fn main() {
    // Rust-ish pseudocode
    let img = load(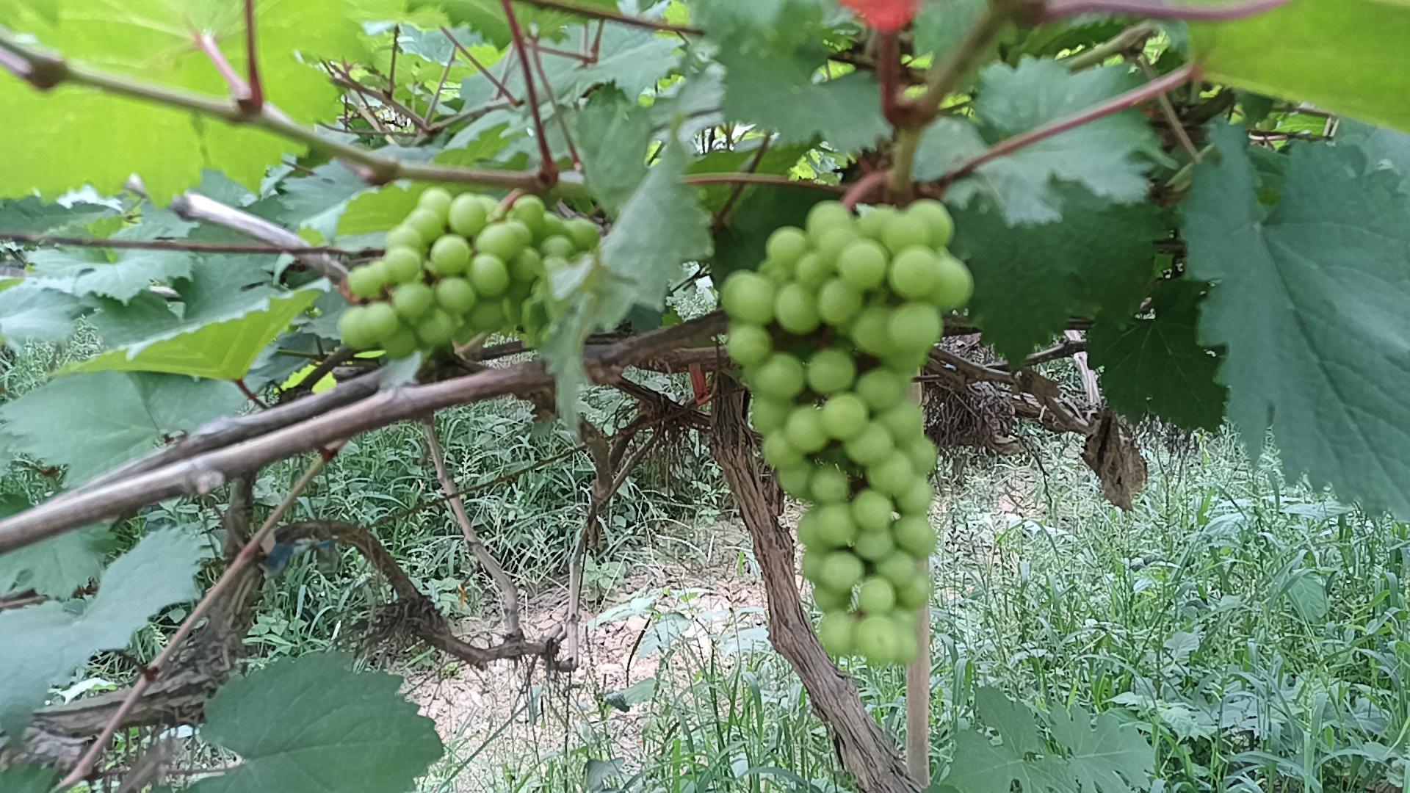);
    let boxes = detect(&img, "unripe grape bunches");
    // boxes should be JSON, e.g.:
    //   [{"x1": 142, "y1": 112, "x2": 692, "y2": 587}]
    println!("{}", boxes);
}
[
  {"x1": 339, "y1": 188, "x2": 599, "y2": 358},
  {"x1": 720, "y1": 200, "x2": 972, "y2": 664}
]
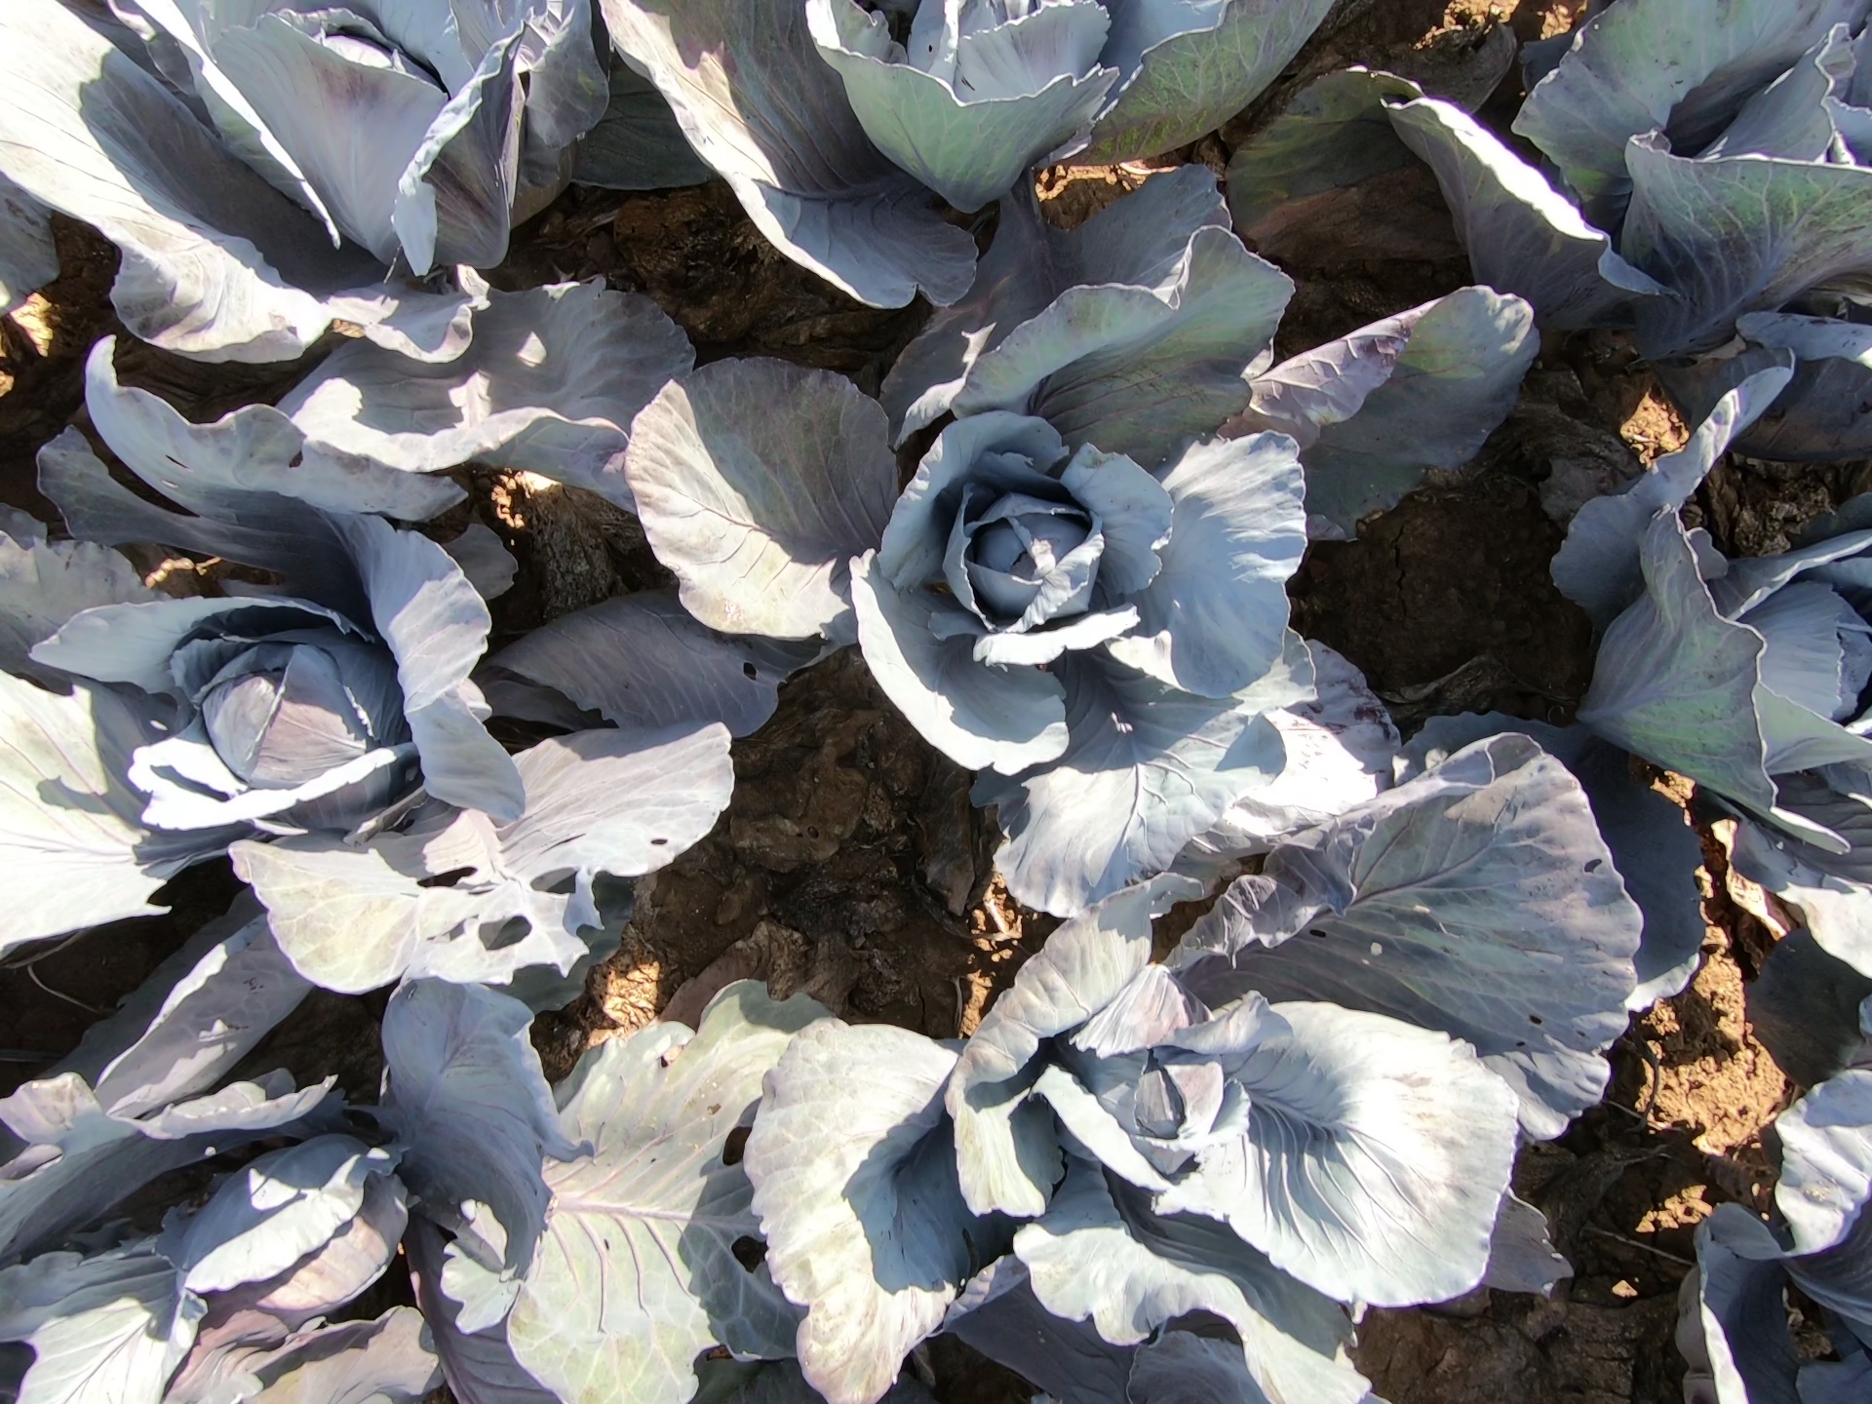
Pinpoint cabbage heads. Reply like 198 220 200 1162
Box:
971 495 1096 607
1100 1006 1228 1169
1683 123 1850 266
284 26 450 228
196 629 404 793
1734 578 1870 719
924 5 1071 112
173 1149 404 1314
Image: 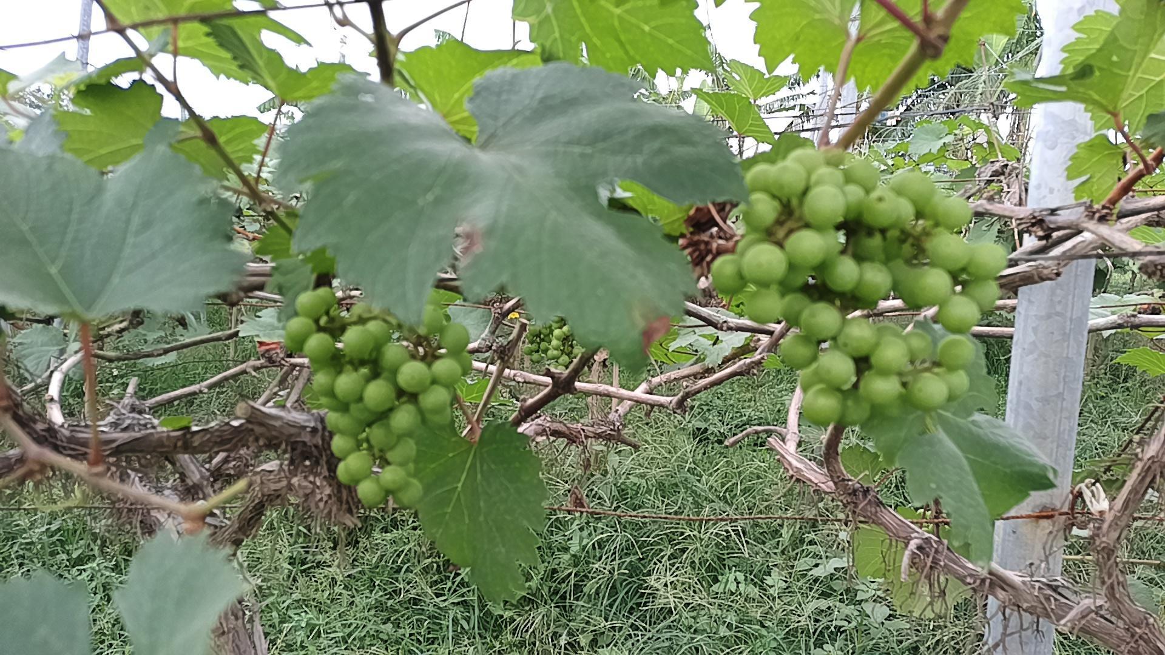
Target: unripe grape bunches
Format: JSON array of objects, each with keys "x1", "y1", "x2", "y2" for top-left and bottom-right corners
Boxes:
[
  {"x1": 711, "y1": 146, "x2": 1005, "y2": 426},
  {"x1": 284, "y1": 287, "x2": 471, "y2": 508},
  {"x1": 522, "y1": 317, "x2": 590, "y2": 371}
]

Instructions to follow:
Across the entries, state how many lines contain "JSON", giving the number only.

Task result:
2